Yokota Megumi, Hirasawa Akira, Makita Kazuya, Akahane Tomoko, Sakai Kensuke, Makabe Takeshi, Horiba Yuko, Yamagami Wataru, Ogawa Mariko, Iwata Takashi, Yanamoto Shigehisa, Deshimaru Ryota, Banno Kouji, Susumu Nobuyuki, Aoki Daisuke
Department of Obstetrics and Gynecology, Keio University School of Medicine, Tokyo, Japan.
Prz Menopauzalny. 2015 Sep;14(3):161-7. doi: 10.5114/pm.2015.54339. Epub 2015 Sep 30.
Bilateral salpingo-oophorectomy (BSO) is a risk factor for osteoporosis. Previous studies have reported an association between genetic polymorphisms and the risk of developing osteoporosis. However, the relationship between osteoporosis and genetic polymorphisms in Japanese women treated with BSO is not well understood. To improve the quality of life for post-BSO patients, it is important to determine the genetic factors that influence their risk for osteoporosis. The aim of this study was to investigate the association between gene variations of estrogen metabolism-related genes and osteoporosis in surgically menopausal patients, which may improve their quality of life.
This study included 203 menopausal women treated with BSO because of gynecologic disorders. One hundred and twenty-six women with artificial (surgical) menopause, who had undergone BSO in the premenopausal period, were compared with 77 women with natural menopause, who had undergone BSO in the postmenopausal period. The women were tested for bone mineral density to diagnose osteoporosis. Polymorphisms of estrogen receptor 1 (ESR1) and UDP-glucuronosyl transferase (UGT) genes UGT2B17 and UGT1A1 were analyzed, and their association with bone mass and osteoporosis was statistically evaluated.

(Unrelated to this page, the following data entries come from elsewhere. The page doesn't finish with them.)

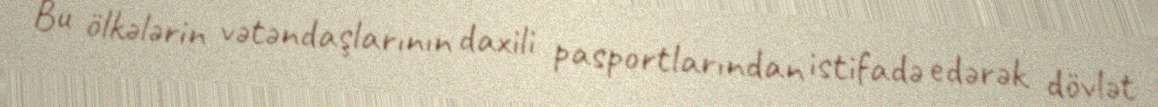
Bu ölkələrin vətəndaşlarının daxili pasportlarından istifadə edərək dövlət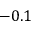
- 0 . 1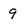
Character: 9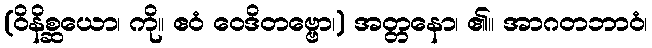
(ဝိနိစ္ဆယော၊ ကို။ ဧဝံ ဝေဒိတဗ္ဗော၊) အတ္တနော၊ ၏။ အာဂတဘာဝံ၊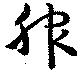
服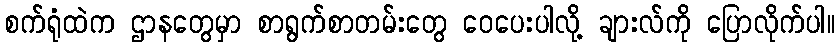
စက်ရုံထဲက ဌာနတွေမှာ စာရွက်စာတမ်းတွေ ဝေပေးပါလို့ ချားလ်ကို ပြောလိုက်ပါ။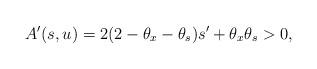
LaTeX: \begin{align*} A'(s,u) = 2(2-\theta_x-\theta_s)s' + \theta_x\theta_s > 0,\end{align*}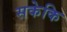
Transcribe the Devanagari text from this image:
सकेकि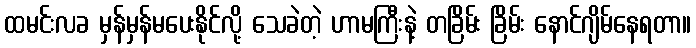
ထမင်းလခ မှန်မှန်မပေးနိုင်လို့ သေခဲတဲ့ ဟာမကြီးနဲ့ တခြိမ်း ခြိမ်း နောင်ဂျိမ်နေရတာ။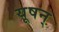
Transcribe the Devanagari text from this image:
यूषन्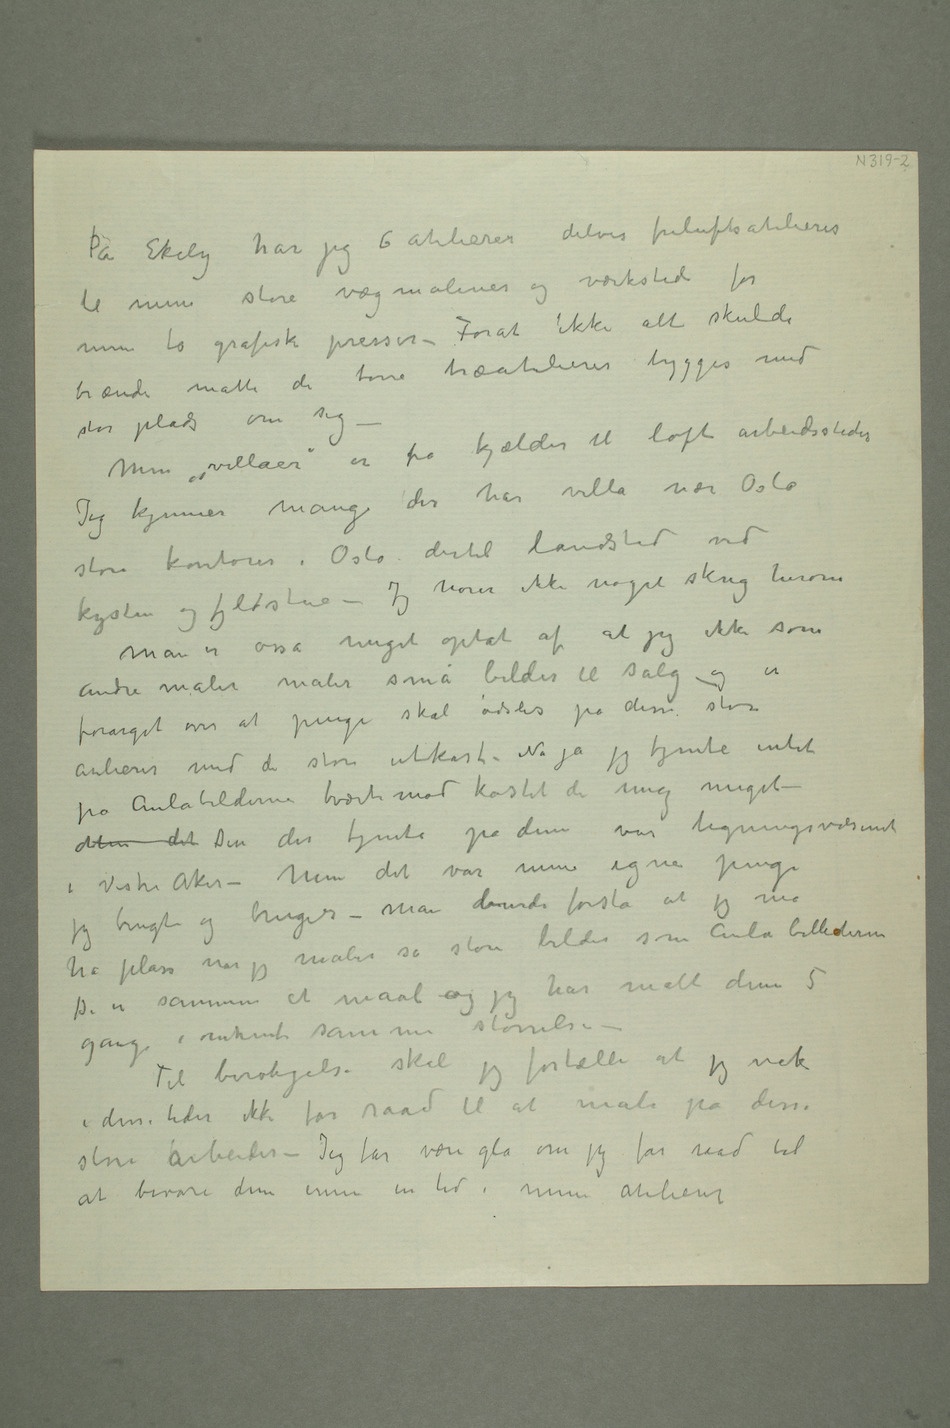
På Ekely har jeg 6 atelierer delvis friluftsatelierer
til mine store vægmalerier og værksted for
mine to grafiske presser – Forat ikke alt skulde
brænde måtte de tørre træatelierer bygges med
stor plads om sig –
Mine «villaer» er  fra kjælder til loft arbeidssteder Jeg
der har villa nær Oslo
store kontorer i Oslo, dertil landsted ved
kysten og fjeldstue – Jeg hører ikke noget skrig herom
Man er osså meget optat af at jeg ikke som
andre malere maler små bilder til salg og er
forarget over at penge skal ødsles på disse store
atelierer med de store utkast. Nu ja jeg tjente intet
på Aulabilderne tværtimot kosted de mig meget –
Men det Den der tjente på dem var ligningsvæsenet
i Vestre Aker – Men det var mine egne penge
jeg brugte og bruger – Man burde forstå at jeg må
ha plass når jeg maler så store bilder som Aula billederne
De er sammen et maal –og jeg har malt dem 5
gange i omtrent samme størrelse
– Til beroligelse skal jeg fortælle at jeg nok
i disse tider ikke får raad til at male på disse
store arbeider – jeg får være gla om jeg får raad til
at bevare dem ennu en tid i mine atelierer

No significant association was found between osteoporosis and polymorphisms in ESR1, UGT2B17, or UGT1A1 in both groups, suggesting that BSO might be a more significant physiological factor in influencing bone mass density compared to genetic variations.

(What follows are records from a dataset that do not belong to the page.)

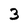
Character: 3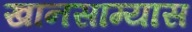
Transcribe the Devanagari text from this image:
खानसाम्यास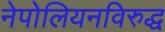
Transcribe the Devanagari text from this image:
नेपोलियनविरुद्ध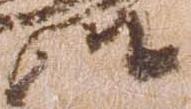
俊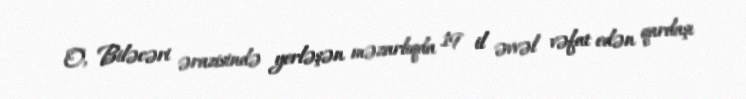
O, Biləcəri ərazisində yerləşən məzarlıqda 19 il əvvəl vəfat edən qardaşı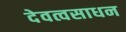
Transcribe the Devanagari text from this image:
देवत्वसाधन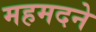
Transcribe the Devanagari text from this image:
महमदने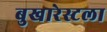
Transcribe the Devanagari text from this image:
बुखारेस्टला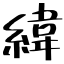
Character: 緯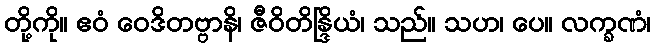
တို့ကို။ ဧဝံ ဝေဒိတဗ္ဗာနိ၊ ဇီဝိတိန္ဒြိယံ၊ သည်။ သဟ၊ ပေ။ လက္ခဏံ၊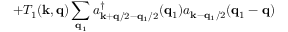
+ T _ { 1 } ( { \bf { k } } , { \bf { q } } ) \sum _ { { \bf { q } } _ { 1 } } a _ { { \bf { k } } + { \bf { q } } / 2 - { \bf { q } } _ { 1 } / 2 } ^ { \dagger } ( { \bf { q } } _ { 1 } ) a _ { { \bf { k } } - { \bf { q } } _ { 1 } / 2 } ( { \bf { q } } _ { 1 } - { \bf { q } } )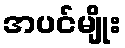
အပင်မျိုး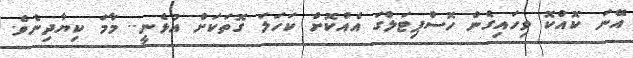
އޭނަ ކޮއްކޮ ވިހައިގެން ހޮސްޕިޓަލްގަ އެއްކޮށް ކަހަލަ ގޮތަކަށް އުޅެނީ.. މާމަ ކިޔާދިނެވެ.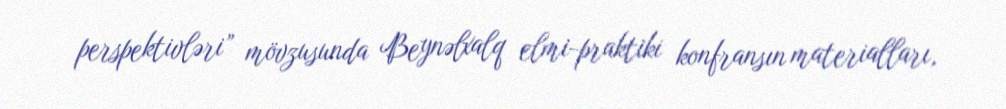
perspektivləri” mövzusunda Beynəlxalq elmi-praktiki konfransın materialları,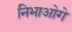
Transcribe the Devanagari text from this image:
निभाओगे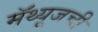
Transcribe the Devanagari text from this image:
मॅथ्यूजची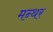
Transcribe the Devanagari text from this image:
मन्थर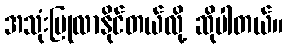
အသုံးပြုလာနိုင်တယ်လို့ ဆိုပါတယ်။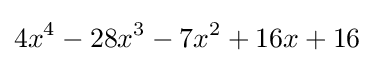
4x^{4}-28x^{3}-7x^{2}+16x+16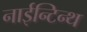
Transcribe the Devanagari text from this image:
नाईन्टिन्थ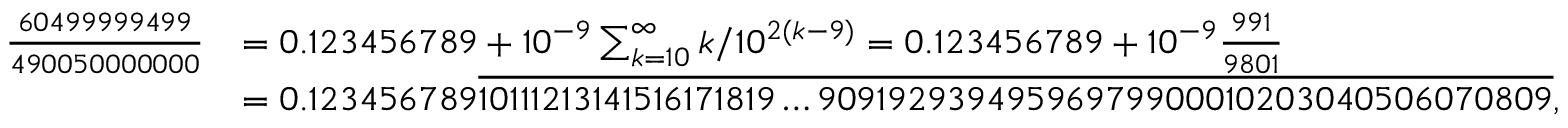
{ \begin{array} { r l } { { \frac { 6 0 4 9 9 9 9 9 4 9 9 } { 4 9 0 0 5 0 0 0 0 0 0 0 } } } & { = 0 . 1 2 3 4 5 6 7 8 9 + 1 0 ^ { - 9 } \sum _ { k = 1 0 } ^ { \infty } k / 1 0 ^ { 2 ( k - 9 ) } = 0 . 1 2 3 4 5 6 7 8 9 + 1 0 ^ { - 9 } { \frac { 9 9 1 } { 9 8 0 1 } } } \\ & { = 0 . 1 2 3 4 5 6 7 8 9 { \overline { { 1 0 1 1 1 2 1 3 1 4 1 5 1 6 1 7 1 8 1 9 \ldots 9 0 9 1 9 2 9 3 9 4 9 5 9 6 9 7 9 9 0 0 0 1 0 2 0 3 0 4 0 5 0 6 0 7 0 8 0 9 } } } , } \end{array} }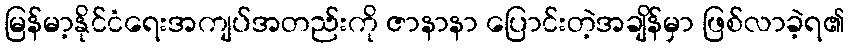
မြန်မာ့နိုင်ငံရေးအကျပ်အတည်းကို ဇာနာနာ ပြောင်းတဲ့အချိန်မှာ ဖြစ်လာခဲ့ရ၏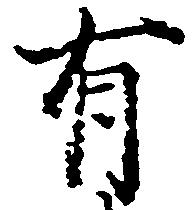
有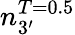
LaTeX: n_{3^{\prime}}^{T=0.5}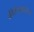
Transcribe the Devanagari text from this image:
कीर्तनकारांना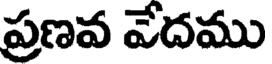
ప్రణవ వేదము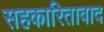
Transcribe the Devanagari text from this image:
सहकारितावाद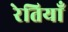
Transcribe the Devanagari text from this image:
रेतियाँ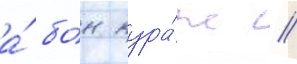
а́ бо́н кура́ж //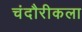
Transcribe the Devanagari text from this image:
चंदौरीकला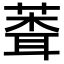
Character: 𬝞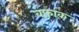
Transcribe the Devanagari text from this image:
वफ़ाक़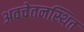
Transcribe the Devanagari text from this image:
अवचेतनस्थित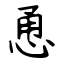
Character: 恿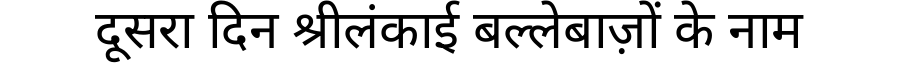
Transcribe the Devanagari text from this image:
दूसरा दिन श्रीलंकाई बल्लेबाज़ों के नाम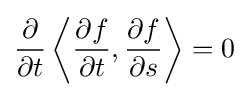
{\frac {\partial }{\partial t}}\left\langle {\frac {\partial f}{\partial t}},{\frac {\partial f}{\partial s}}\right\rangle =0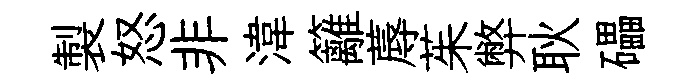
製怒非湋籬蓐茱弊耿礧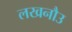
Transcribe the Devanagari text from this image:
लखनौउ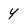
Character: y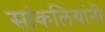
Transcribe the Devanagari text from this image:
सांकलियांनी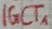
Text: IGCT1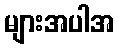
များအပါအ

These results suggest that the ESR1, UGT2B17, and UGT1A1 polymorphisms are not genetic factors affecting osteoporosis in postmenopausal Japanese women.

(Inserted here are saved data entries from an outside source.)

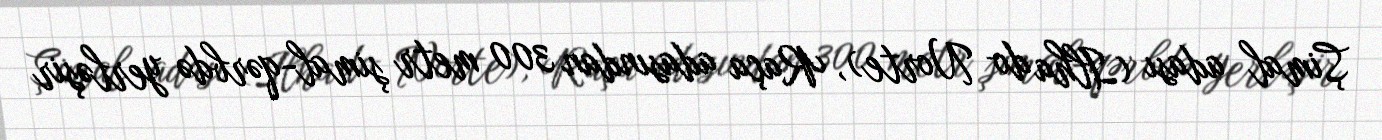
Şimal adası (Ilha do Norte), Raça adasından 300 metr şimal-qərbdə yerləşir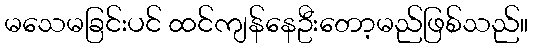
မသေမခြင်းပင် ထင်ကျန်နေဦးတော့မည်ဖြစ်သည်။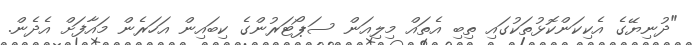
"ދުނިޔޭގެ އެކިކަންކޮޅުތަކުގައި ތިބި އެތައް މިލިއަން ސަޕޯޓަރުންގެ ކިބައިން އަހަރެން މައާފަށް އެދެން.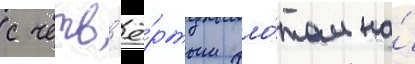
с четв'ё́ртым фло́том на́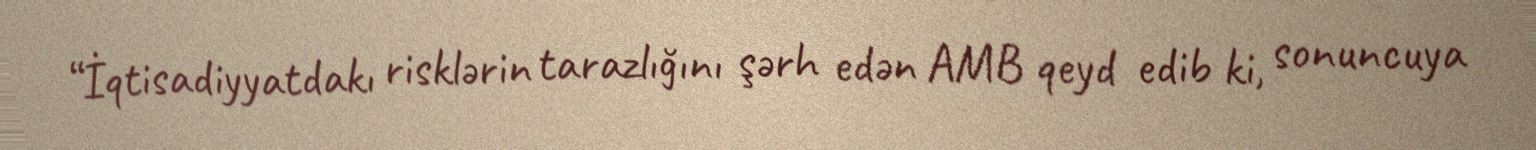
“İqtisadiyyatdakı risklərin tarazlığını şərh edən AMB qeyd edib ki, sonuncuya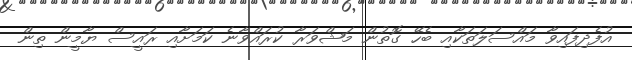
އުފެދިފައިވާ މައްސަލަތަކާއި ބެހޭ ގޮތުން މަޝްވަރާ ކުރައްވާނެ ކަމަށާއި ރައީސް ޔާމީން ތިން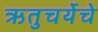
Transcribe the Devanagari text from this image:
ऋतुचर्येचे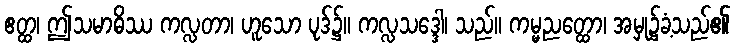
ဧတ္ထ၊ ဤသမာဓိဿ ကလ္လတာ၊ ဟူသော ပုဒ်၌။ ကလ္လသဒ္ဒေါ၊ သည်။ ကမ္မညတ္ထော၊ အမှု၌ခံ့သည်၏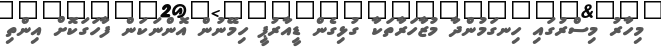
މިހާރު މިސްރުގައި ހިނގަމުންދާ މުޒާހަރާތަކާ ގުޅިގެން ޑީއާރުޕީ ހިމޭނުން އޮންނަކަން ފާހަގަކޮށް އިންތި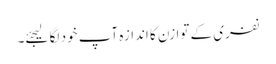
نفری کے توازن کا اندازہ آپ خود لگا لیجئے۔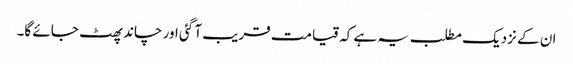
ان کے نزدیک مطلب یہ ہے کہ قیامت قریب آ گئی اور چاند پھٹ جائے گا۔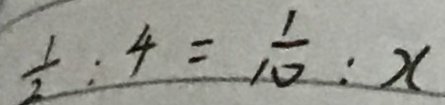
\frac { 1 } { 2 } : 4 = \frac { 1 } { 1 0 } : x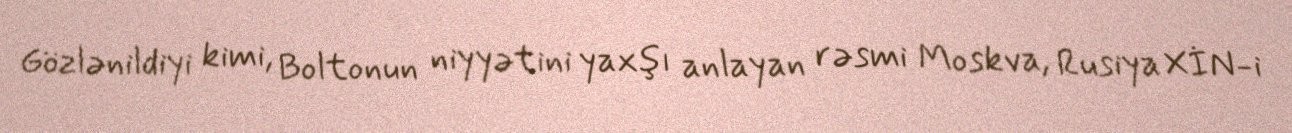
Gözlənildiyi kimi, Boltonun niyyətini yaxşı anlayan rəsmi Moskva, Rusiya XİN-i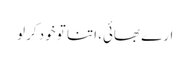
ارے بھائی، اتنا تو خود کرلو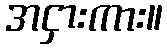
အငှားကား။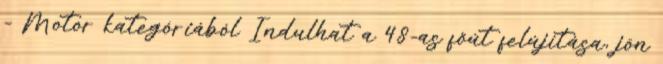
- Motor kategóriából Indulhat a 48-as főút felújítása, jön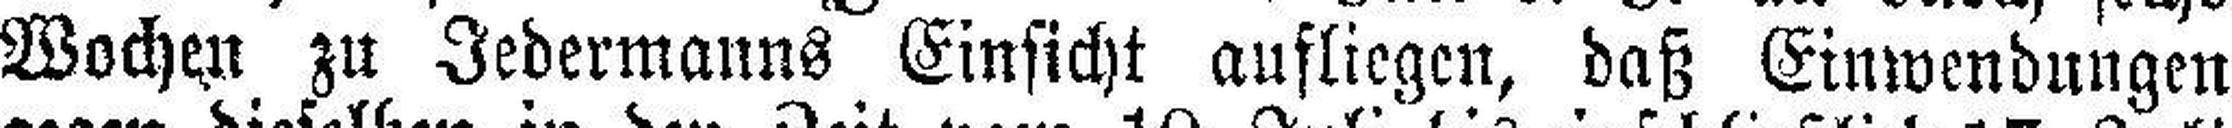
Wochen zu Jedermanns Einsicht aufliegen, daß Einwendungen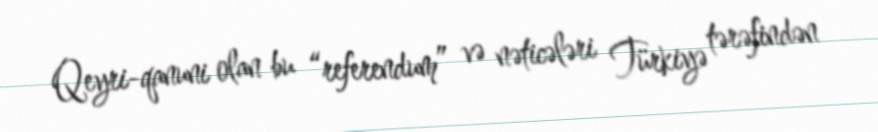
Qeyri-qanuni olan bu “referendum” və nəticələri Türkiyə tərəfindən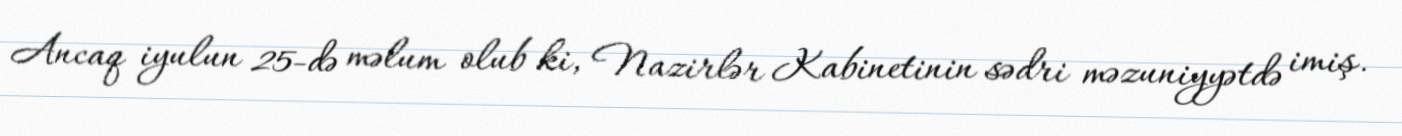
Ancaq iyulun 25-də məlum olub ki, Nazirlər Kabinetinin sədri məzuniyyətdə imiş.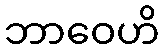
ဘာဝေဟိ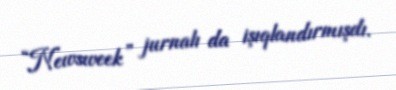
“Newsweek” jurnalı da işıqlandırmışdı.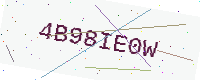
Text: 4B98IE0W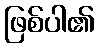
ဖြစ်ပါ၏

双侧输卵管卵巢切除术(BSO)是骨质疏松症的一个危险因素。先前的研究报道了基因多态性与患骨质疏松症风险之间的关联。然而,对于接受BSO治疗的日本女性,骨质疏松症与基因多态性之间的关系尚不清楚。为了提高BSO术后患者的生活质量,确定影响其骨质疏松症风险的遗传因素很重要。本研究的目的是调查雌激素代谢相关基因的基因变异与手术绝经患者骨质疏松症之间的关联,这可能会改善她们的生活质量。
本研究纳入了203名因妇科疾病接受BSO治疗的绝经女性。将126名在绝经前期接受BSO的人工(手术)绝经女性与77名在绝经后期接受BSO的自然绝经女性进行比较。对这些女性进行骨密度检测以诊断骨质疏松症。分析雌激素受体1(ESR1)和UDP-葡萄糖醛酸基转移酶(UGT)基因UGT2B17和UGT1A1的多态性,并对它们与骨量和骨质疏松症的关联进行统计学评估。
两组中,ESR1、UGT2B17或UGT1A1的多态性与骨质疏松症之间均未发现显著关联,这表明与基因变异相比,BSO可能是影响骨密度的更重要生理因素。
这些结果表明,ESR1、UGT2B17和UGT1A1多态性不是影响绝经后日本女性骨质疏松症的遗传因素。